Each line of the data must be reproduced as it appears.

====== The data ======

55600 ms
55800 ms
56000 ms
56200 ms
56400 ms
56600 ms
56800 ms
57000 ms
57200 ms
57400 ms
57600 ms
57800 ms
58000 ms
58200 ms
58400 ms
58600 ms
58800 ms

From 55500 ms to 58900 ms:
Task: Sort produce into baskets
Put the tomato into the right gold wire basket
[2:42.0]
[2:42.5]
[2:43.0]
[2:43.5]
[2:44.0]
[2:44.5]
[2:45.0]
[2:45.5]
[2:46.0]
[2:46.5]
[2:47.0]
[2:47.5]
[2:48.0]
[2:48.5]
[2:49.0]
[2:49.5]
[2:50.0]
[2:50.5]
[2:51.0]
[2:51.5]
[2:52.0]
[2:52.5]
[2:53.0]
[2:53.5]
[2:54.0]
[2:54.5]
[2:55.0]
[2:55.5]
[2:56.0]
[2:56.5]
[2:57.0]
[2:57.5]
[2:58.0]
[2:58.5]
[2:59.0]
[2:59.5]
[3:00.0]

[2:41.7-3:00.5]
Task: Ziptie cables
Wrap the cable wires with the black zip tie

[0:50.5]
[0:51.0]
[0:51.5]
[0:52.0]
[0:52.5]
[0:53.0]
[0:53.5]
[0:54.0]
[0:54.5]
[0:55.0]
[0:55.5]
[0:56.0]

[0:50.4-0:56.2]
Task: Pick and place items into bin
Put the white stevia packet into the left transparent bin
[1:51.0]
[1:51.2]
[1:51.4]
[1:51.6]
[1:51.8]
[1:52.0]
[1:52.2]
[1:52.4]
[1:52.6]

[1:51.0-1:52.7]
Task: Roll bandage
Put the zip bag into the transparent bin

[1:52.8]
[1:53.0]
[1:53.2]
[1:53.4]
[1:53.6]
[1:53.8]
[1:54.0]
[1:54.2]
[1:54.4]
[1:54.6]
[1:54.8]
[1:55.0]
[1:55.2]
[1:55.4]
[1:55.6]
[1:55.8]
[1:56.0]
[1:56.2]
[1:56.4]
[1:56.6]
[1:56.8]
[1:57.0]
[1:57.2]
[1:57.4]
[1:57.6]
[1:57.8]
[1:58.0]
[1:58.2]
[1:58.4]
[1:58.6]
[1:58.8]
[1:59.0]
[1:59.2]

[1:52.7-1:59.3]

======

§ Response to this task:
55600 ms
55800 ms
56000 ms
56200 ms
56400 ms
56600 ms
56800 ms
57000 ms
57200 ms
57400 ms
57600 ms
57800 ms
58000 ms
58200 ms
58400 ms
58600 ms
58800 ms

From 55500 ms to 58900 ms:
Task: Sort produce into baskets
Put the tomato into the right gold wire basket
[2:42.0]
[2:42.5]
[2:43.0]
[2:43.5]
[2:44.0]
[2:44.5]
[2:45.0]
[2:45.5]
[2:46.0]
[2:46.5]
[2:47.0]
[2:47.5]
[2:48.0]
[2:48.5]
[2:49.0]
[2:49.5]
[2:50.0]
[2:50.5]
[2:51.0]
[2:51.5]
[2:52.0]
[2:52.5]
[2:53.0]
[2:53.5]
[2:54.0]
[2:54.5]
[2:55.0]
[2:55.5]
[2:56.0]
[2:56.5]
[2:57.0]
[2:57.5]
[2:58.0]
[2:58.5]
[2:59.0]
[2:59.5]
[3:00.0]

[2:41.7-3:00.5]
Task: Ziptie cables
Wrap the cable wires with the black zip tie

[0:50.5]
[0:51.0]
[0:51.5]
[0:52.0]
[0:52.5]
[0:53.0]
[0:53.5]
[0:54.0]
[0:54.5]
[0:55.0]
[0:55.5]
[0:56.0]

[0:50.4-0:56.2]
Task: Pick and place items into bin
Put the white stevia packet into the left transparent bin
[1:51.0]
[1:51.2]
[1:51.4]
[1:51.6]
[1:51.8]
[1:52.0]
[1:52.2]
[1:52.4]
[1:52.6]

[1:51.0-1:52.7]
Task: Roll bandage
Put the zip bag into the transparent bin

[1:52.8]
[1:53.0]
[1:53.2]
[1:53.4]
[1:53.6]
[1:53.8]
[1:54.0]
[1:54.2]
[1:54.4]
[1:54.6]
[1:54.8]
[1:55.0]
[1:55.2]
[1:55.4]
[1:55.6]
[1:55.8]
[1:56.0]
[1:56.2]
[1:56.4]
[1:56.6]
[1:56.8]
[1:57.0]
[1:57.2]
[1:57.4]
[1:57.6]
[1:57.8]
[1:58.0]
[1:58.2]
[1:58.4]
[1:58.6]
[1:58.8]
[1:59.0]
[1:59.2]

[1:52.7-1:59.3]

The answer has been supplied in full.